Understanding the role of enzymes like DNA helicase is crucial. But what type of biological molecule is DNA helicase? It's a protein that unwinds the DNA double helix, facilitating the processes of replication and transcription. Each of these strands were used to store information, and data storage systems could be constructed using many of these strands. Additionally, when we explore how much information is stored in DNA, we find that the complexity and density of genetic information make DNA a superior medium for both biological and digital data storage. Moreover, the overhang strand section allows each of the files to be separated from each other and allows in-storage operations to take place. These features have been made possible by the single strand having a T7 promoter (which is a sequence of nucleic acid bases) that enables the transcription of information into RNA at the same time, leaving the information stored in the double-stranded DNA.

This work is in its infancy and has only just proven that it is possible to create DNA-based information storage systems that are dynamic and without compromising on crucial functioning areas. Nevertheless, the work now sets a platform to build upon for building the next generation of versatile and high-density data storage devices. Moreover, the debate of RNA vs DNA often surfaces in the context of data storage. While RNA serves as a messenger in biological systems, DNA's superior stability and capacity make it the preferred medium for data storage innovations.

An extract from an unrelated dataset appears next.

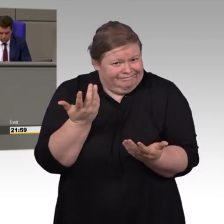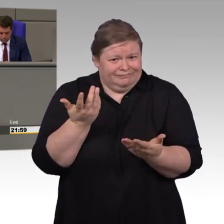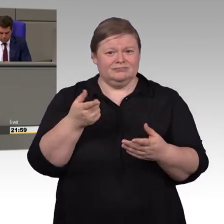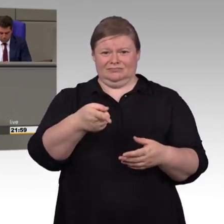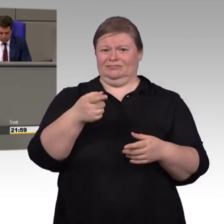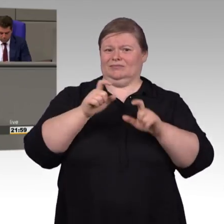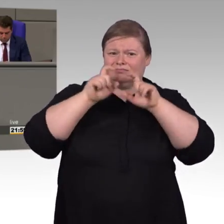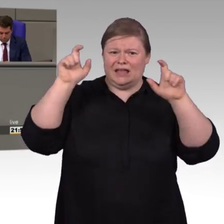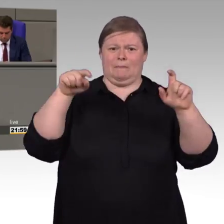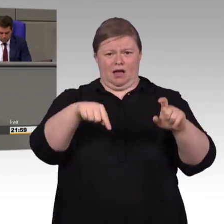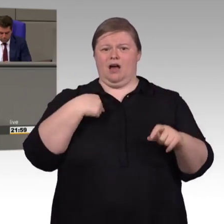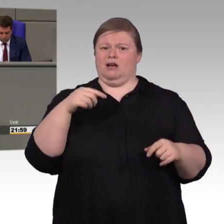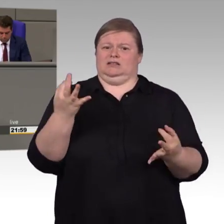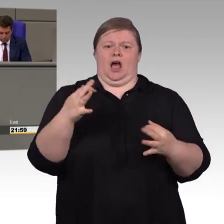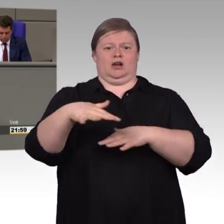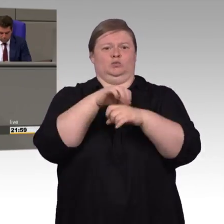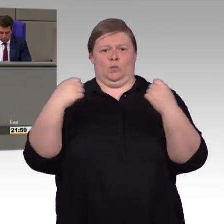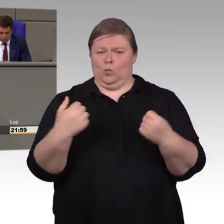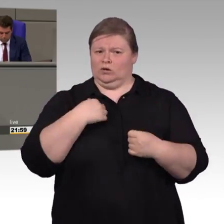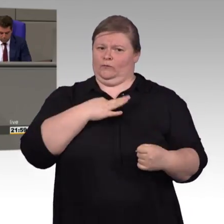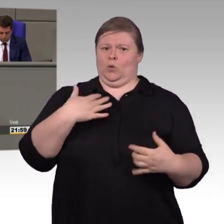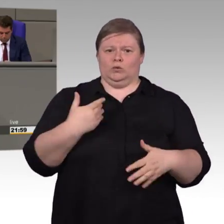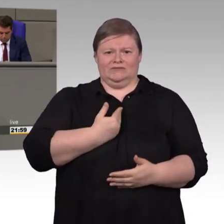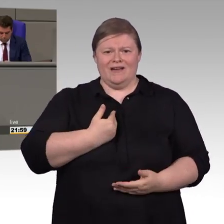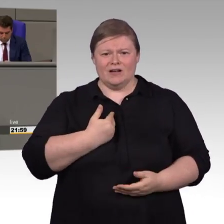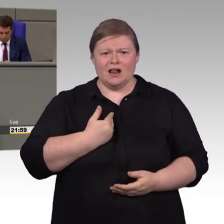Daher sorgen wir gemeinsam dafür, dass auch im privaten Leben keine Barrieren vorhanden sind.

Liam Critchley Headshot.jpg

By Liam Critchley

Liam Critchley is a science writer who specialises in how chemistry, materials science and nanotechnology interplay with advanced electronic systems. Liam works with media sites, companies, and trade associations around the world and has produced over 900 articles to date, covering a wide range of content types and scientific areas. Beyond his writing, Liam's subject matter knowledge and expertise in the nanotechnology space has meant that he has sat on a number of different advisory boards over the years – with current appointments being on the Matter Inc. and Nanotechnology World Association advisory boards. Liam was also a longstanding member of the advisory board for the National Graphene Association before it folded during the pandemic.